» **Instructions for the task**
The lines to return run from the one containing "10.8 s after image 1." through the end of the material; give them exactly and leave out the pictures.

Segment Start: Source records

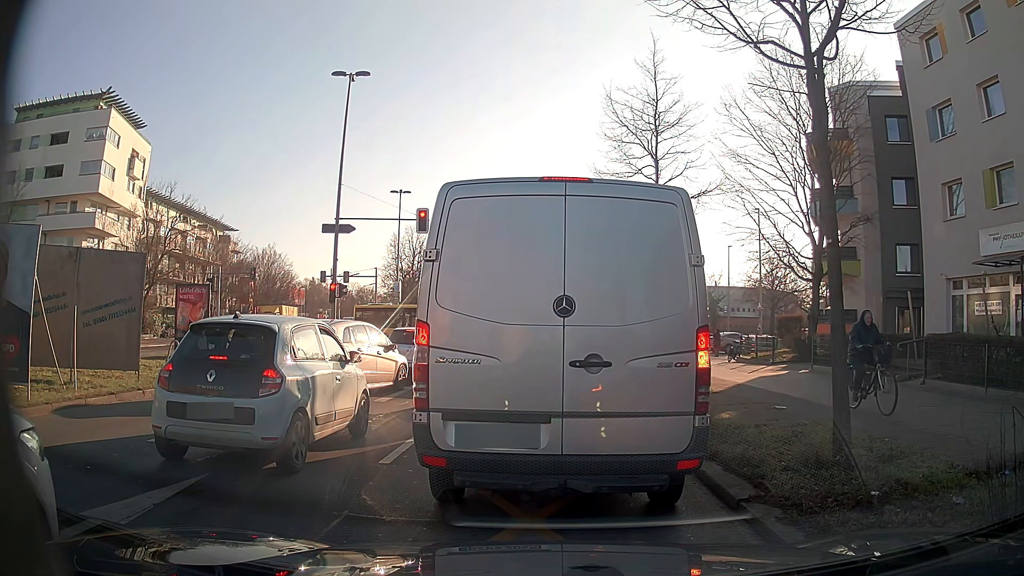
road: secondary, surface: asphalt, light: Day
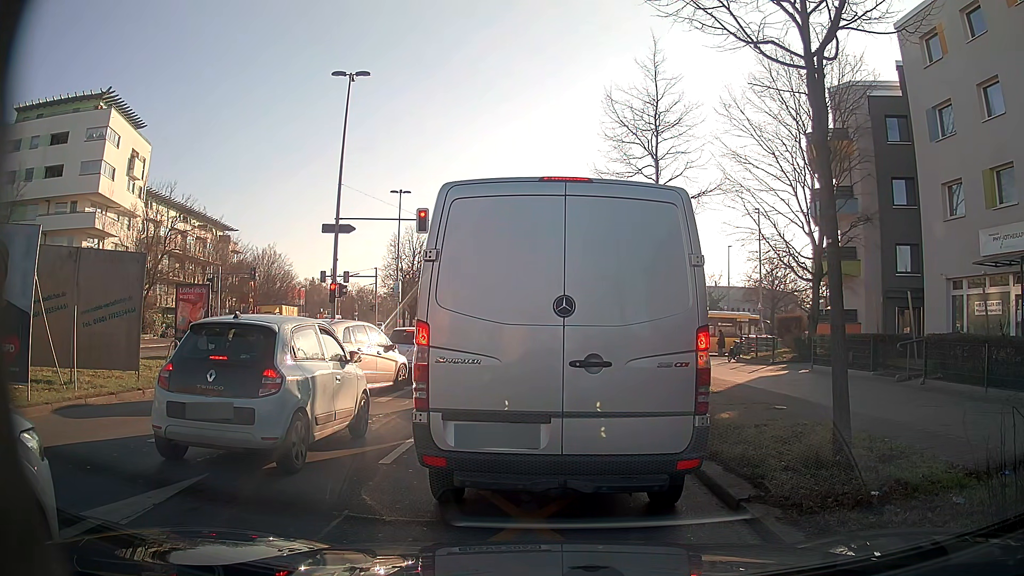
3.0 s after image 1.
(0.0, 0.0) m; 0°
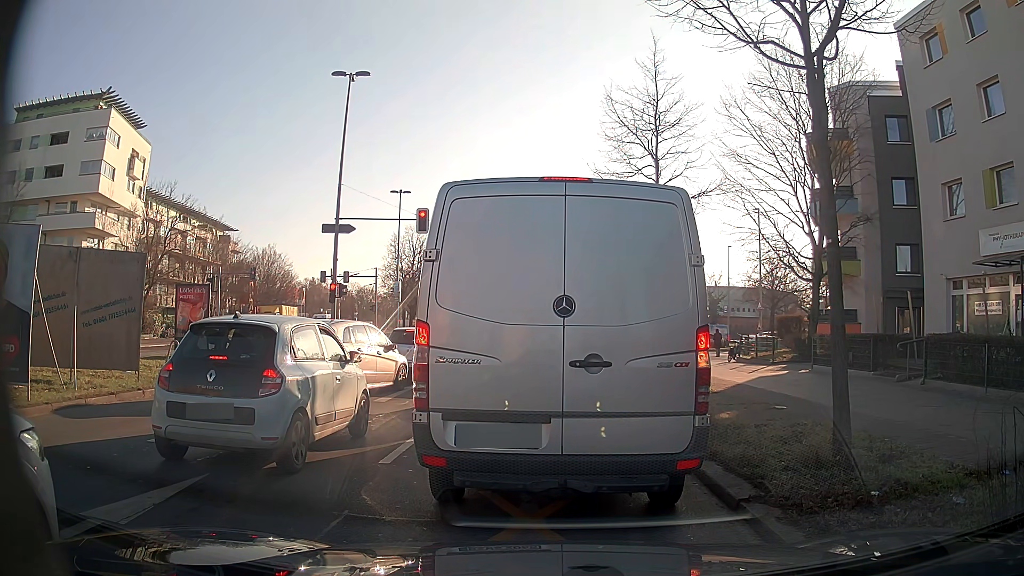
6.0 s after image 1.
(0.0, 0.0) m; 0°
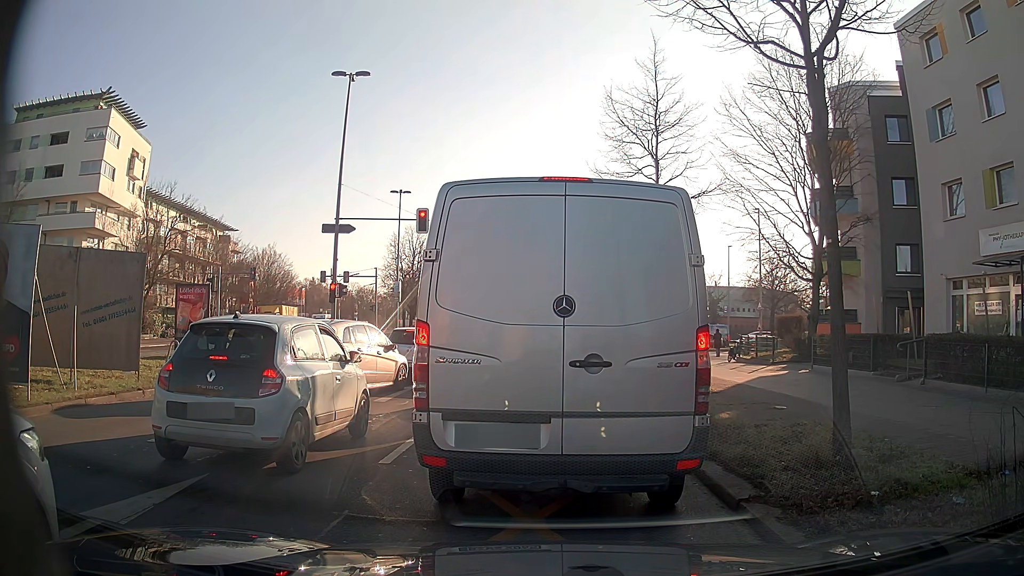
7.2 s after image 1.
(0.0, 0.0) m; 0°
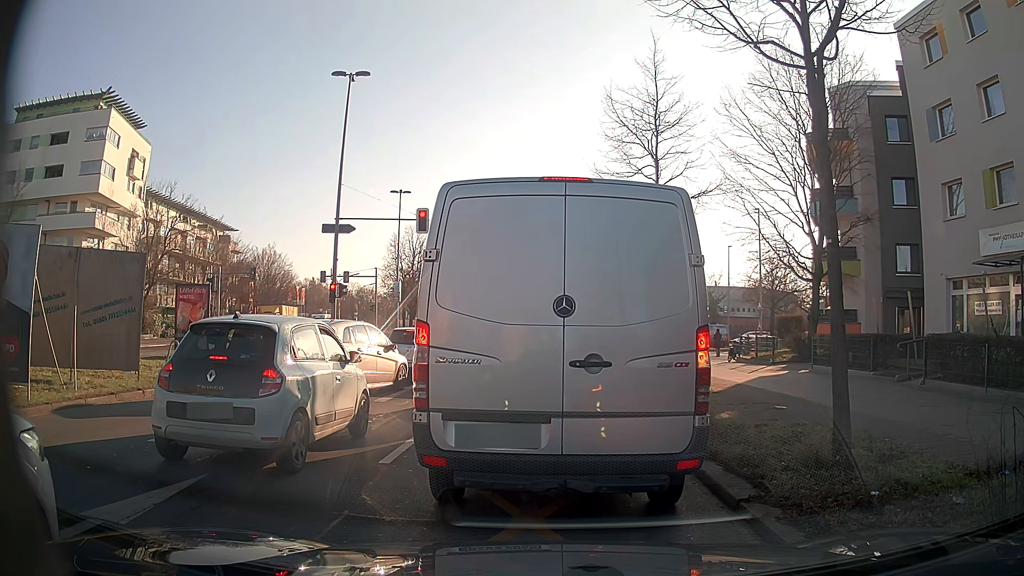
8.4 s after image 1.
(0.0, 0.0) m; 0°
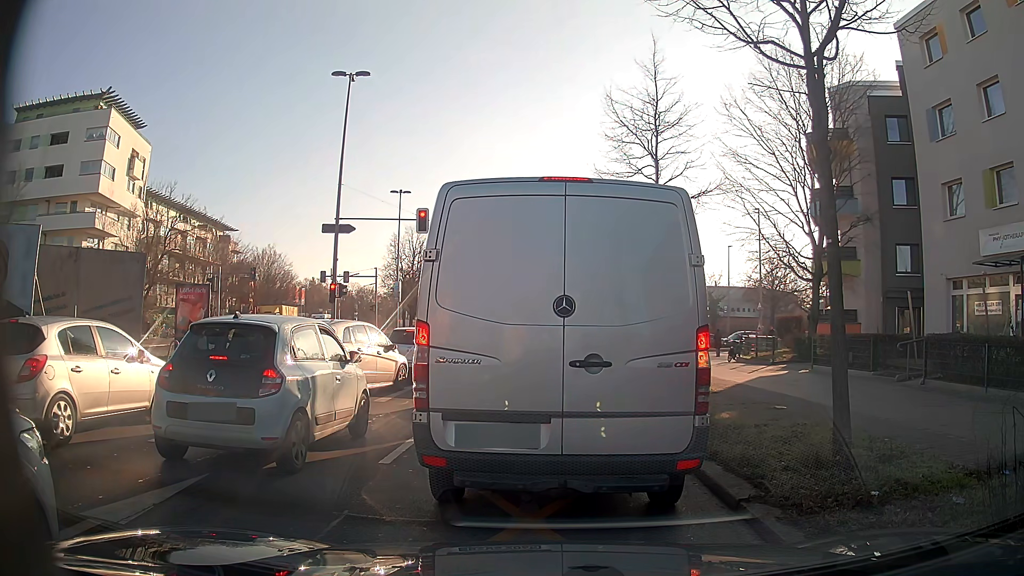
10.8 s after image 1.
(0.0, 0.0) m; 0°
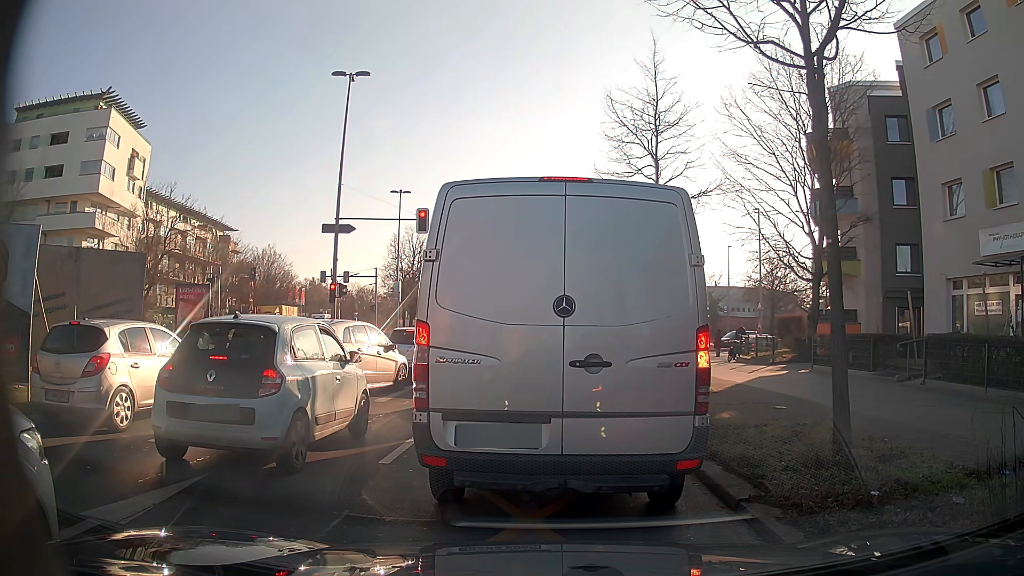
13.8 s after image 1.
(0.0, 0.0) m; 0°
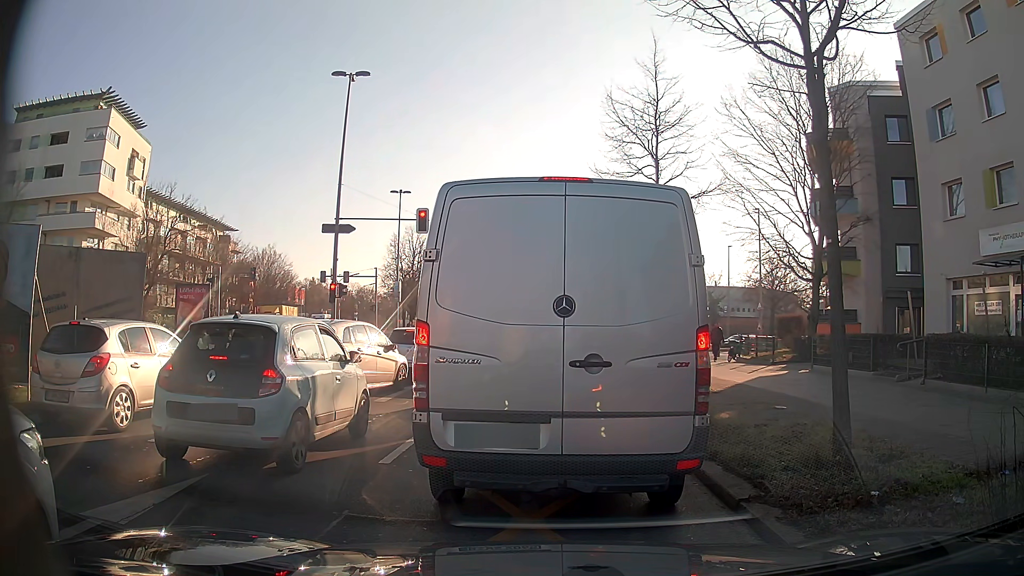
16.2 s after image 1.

Segment End: Source records

» **Solved exercise**
10.8 s after image 1.
(0.0, 0.0) m; 0°
13.8 s after image 1.
(0.0, 0.0) m; 0°
16.2 s after image 1.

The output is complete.